Questa condizione di rischio e di assenza di soluzioni consolidate impone di sperimentare nuovi percorsi terapeutici che, sulla base di evidenze scientifiche, possano affiancarsi utilmente all’attuale uso compassionevole dei farmaci antivirali, anticoagulanti, antimalarici e immunosoppressori, ove impiegati.
In questo scenario è stata ipotizzata la possibilità che l’utilizzo dell’Ozonoterapia sistemica, mediante somministrazione endovenosa, con la metodica ormai ampiamente codificata possa fornire un giovamento ai pazienti ricoverati per CoViD 19.
Gli effetti biologici di questo gas sono stati ampiamente studiati e documentati in numerosi studi che ne comprovano l’efficacia in diversi condizioni morbose.
Sulla scorta di questi dati di efficacia, è stato condotto uno studio pilota ad Udine (Ospedale Misericordia) mentre uno studio multicentrico è in corso presso il Policlinico Umberto I di Roma, autorizzato dal Comitato Etico dell’Università “Sapienza”.
La Nuova FIO, sulla base delle consolidate evidenze scientifiche, ha elaborato il Protocollo idoneo di intervento e sperimentazione clinica messo a disposizione di tutte le Aziende ospedaliere che ne hanno fatto richiesta.
Ben 26 ospedali italiani e 3 esteri hanno chiesto di partecipare allo Studio; sei di questi sono stati affiancati alla Sperimentazione multicentrica già avviata presso il Policlinico Umberto I con l’approvazione del Comitato Etico dell’Università “Sapienza” di Roma.
I dati preliminari provenienti da questi studi, sia pure non pubblicati, appaiono promettenti.
La miscela di ossigeno-ozono ha mostrato di migliorare il trasporto dell’ossigeno, ma soprattutto, ha rivelato un potente potere antiedemigeno, antinfiammatorio e immunoregolatore.

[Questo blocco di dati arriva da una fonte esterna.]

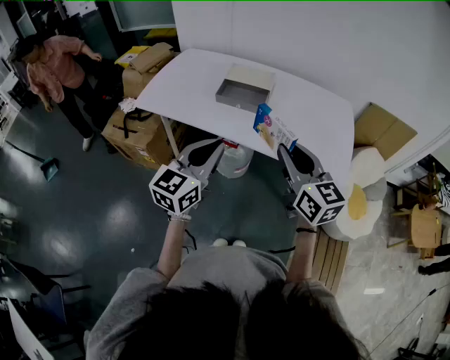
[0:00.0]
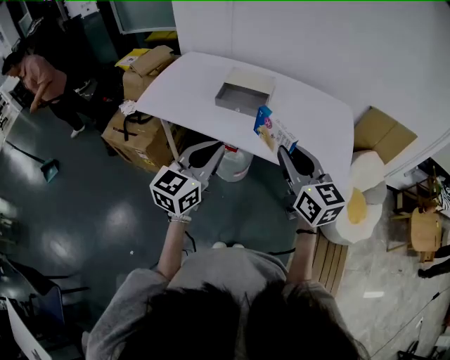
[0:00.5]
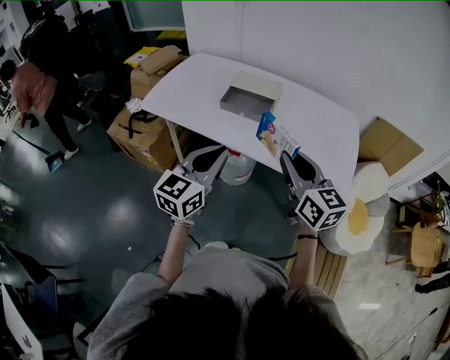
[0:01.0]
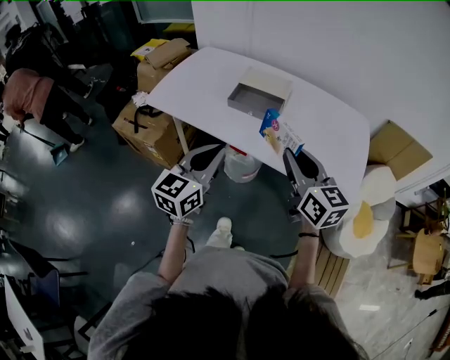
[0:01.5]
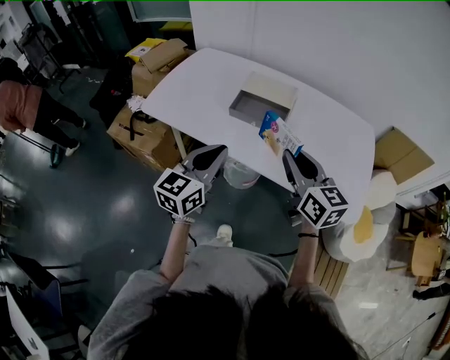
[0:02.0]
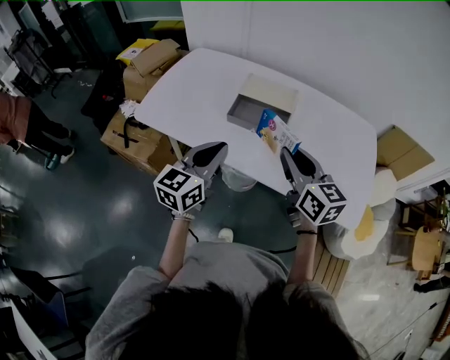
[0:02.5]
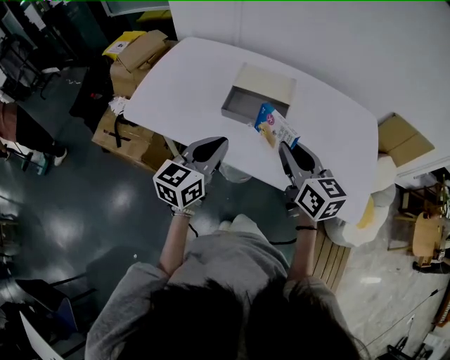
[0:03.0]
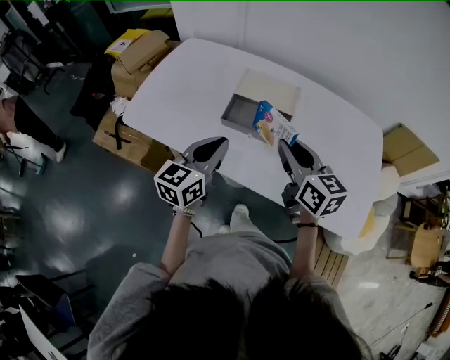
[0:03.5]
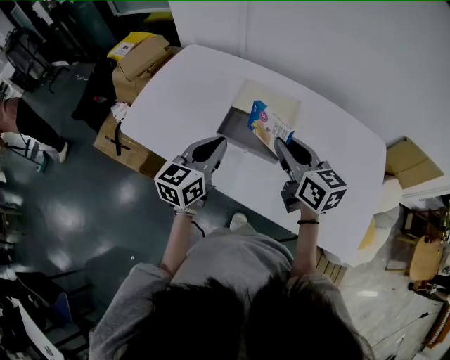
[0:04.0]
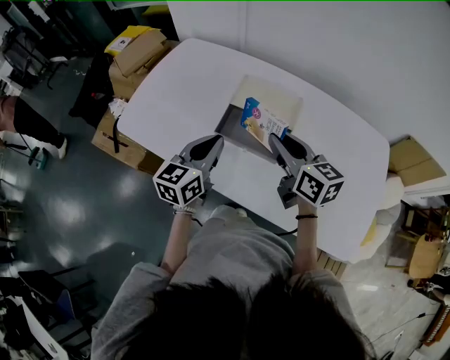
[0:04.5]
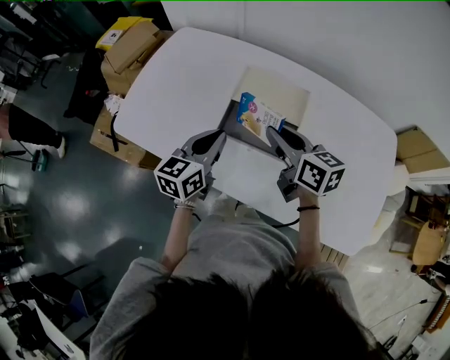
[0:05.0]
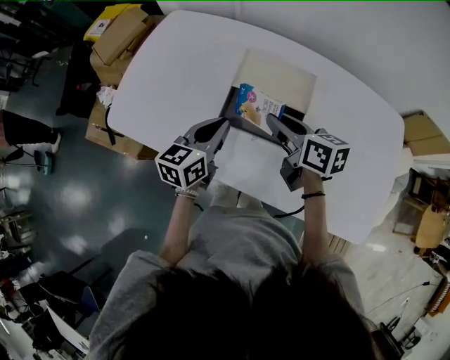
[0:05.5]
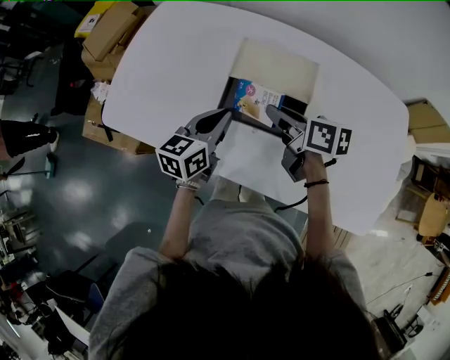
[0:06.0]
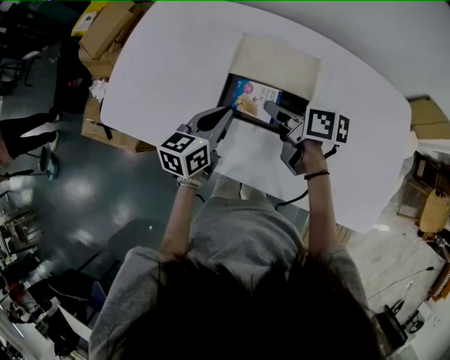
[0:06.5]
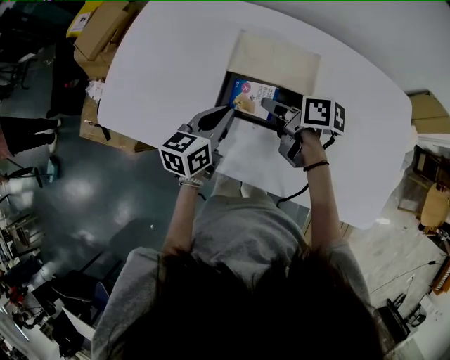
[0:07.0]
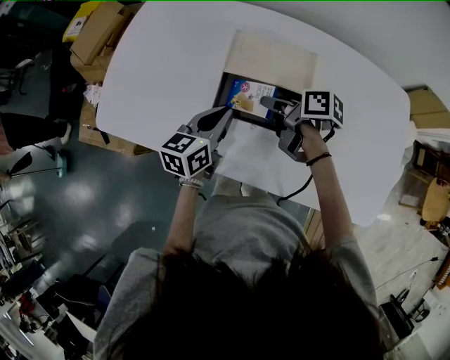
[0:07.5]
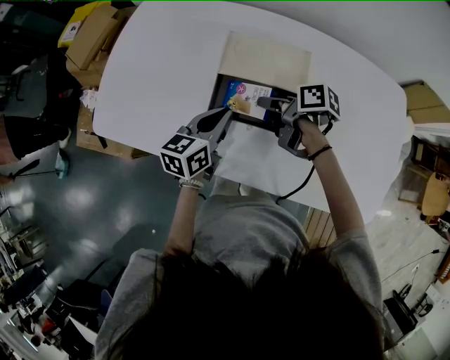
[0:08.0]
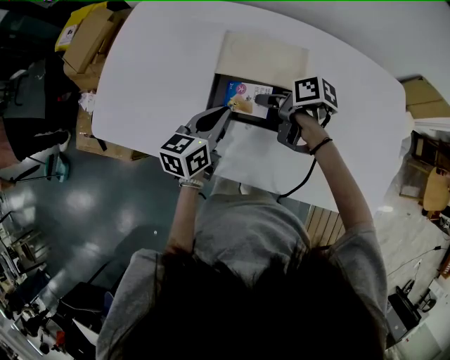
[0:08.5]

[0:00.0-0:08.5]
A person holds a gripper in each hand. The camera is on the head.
0:00.0 to 0:02.0: The grippers both shift forward by roughly 10 cm.
0:02.0 to 0:04.0: Both grippers travel together forward, approximately 20 cm.
0:04.0 to 0:06.5: The two grippers go approximately 15 cm downward and forward. The right gripper swivels roughly 50 degrees.
0:06.5 to 0:08.5: The right gripper goes some 5 cm downward, and changes its angle by approximately 20 degrees.

L’uso terapeutico dell’Ozono prevede varie possibili metodiche di somministrazione: locale, sistemica endovenosa e rettale, infiltrativa.
Per i pazienti ricoverati per CoViD 19, verrà presa in esame solo la via sistemica endovenosa, che verrà messa in atto attraverso l’ozonizzazione di un quantitativo prestabilito di sangue, in sacche di plastica o di vetro (dispositivi medici certificati monouso) adatte all’utilizzo in questa procedura, e la successiva re-immissione nel circolo venoso del paziente.
Questa procedura non rientra tra le procedure trasfusionali in quanto il prelievo e la re-immissione in circolo avvengono utilizzando sempre lo stesso accesso venoso e senza distacco della sacca né durante il prelievo né durante la fase di reinfusione, la quantità raccolta non supera i 200 ml e non avviene stoccaggio del sangue.
Il razionale scientifico su cui poggia l’impiego dell’ozonoterapia sistemica endovenosa in corso di CoViD 19 si basa su tre azioni fondamentali della miscela:
- il migliore trasporto di ossigeno
- il riequilibrio dello stress ossidativo
- la immunomodulazione
Le premesse del razionale scientifico sono assolutamente buone e ci incoraggiano a percorrere questa bellissima e promettente strada che deve però essere sempre percorsa con le lenti della scienza e mai con quelle delle suggestioni fantascientifiche che tanto hanno fatto male a questa molecola, ancora troppo poco approfondita e conosciuta dai più.
LONG COVID
Uno studio scientifico su Lancet ha messo in evidenza che il 76% dei soggetti che hanno avuto il Covid-19 possono presentare, anche dopo 6-8 mesi dalla guarigione, sintomi debilitanti quali affaticamento, disturbi del sonno con apnea notturna, perdita della memoria, cefalea, difficoltà di concentrazione, ansietà e depressione, dolori al torace, ai muscoli e alle articolazioni, disturbi gastrointestinali e respiratori, alopecia, acufeni. Questo variegato quadro sintomatologico, diverso da persona a persona, dipende dai danni che il virus ha prodotto sul sistema immunitario, sull’endotelio dei vasi sanguigni e quindi nei diversi organi e apparati dell’organismo: in pratica potenzialmente in tutti!
Questa condizione post-virale, viene chiamata Sindrome Long Covid (anche Sindrome Post Covid).
Si è più volte detto che il Covid-19 non è paragonabile ad un’influenza perchè, a parte i dati di mortalità per fortuna ridotte dai vaccini, il Covid-19 ha una caratteristica che lo rende diverso: il Long Covid.
Con il termine Long Covid si intendono tutta una serie di sintomi e sequele (fisiche, neurologiche o della sfera cognitiva) che proseguono per almeno 1 mese dopo la fase acuta di Covid19. Esistono diverse definizioni ma il concetto è molto semplice: si tratta di sintomi che permangono o emergono dopo un’infezione da Sars-CoV2, e che possono perdurare anche per un anno e più. I sintomi riconducibili al Long Covid sono i più disparati e colpiscono qualunque organo e distretto: dispnea (fiato corto), affaticabilità, problemi di visione, difficoltà di concentrazione, disturbi del sonno, vertigini; dolori toracici, dolori articolari e dolori muscolari diffusi, spesso di tipo anche urente, dolori addominali; perdita di olfatto e gusto, fatica, diarrea. Alcuni sintomi tipici del Long Covid sono comuni alla fase acuta di Covid19 ma altri sono completamente inediti ed emergono solo ad infezione terminata.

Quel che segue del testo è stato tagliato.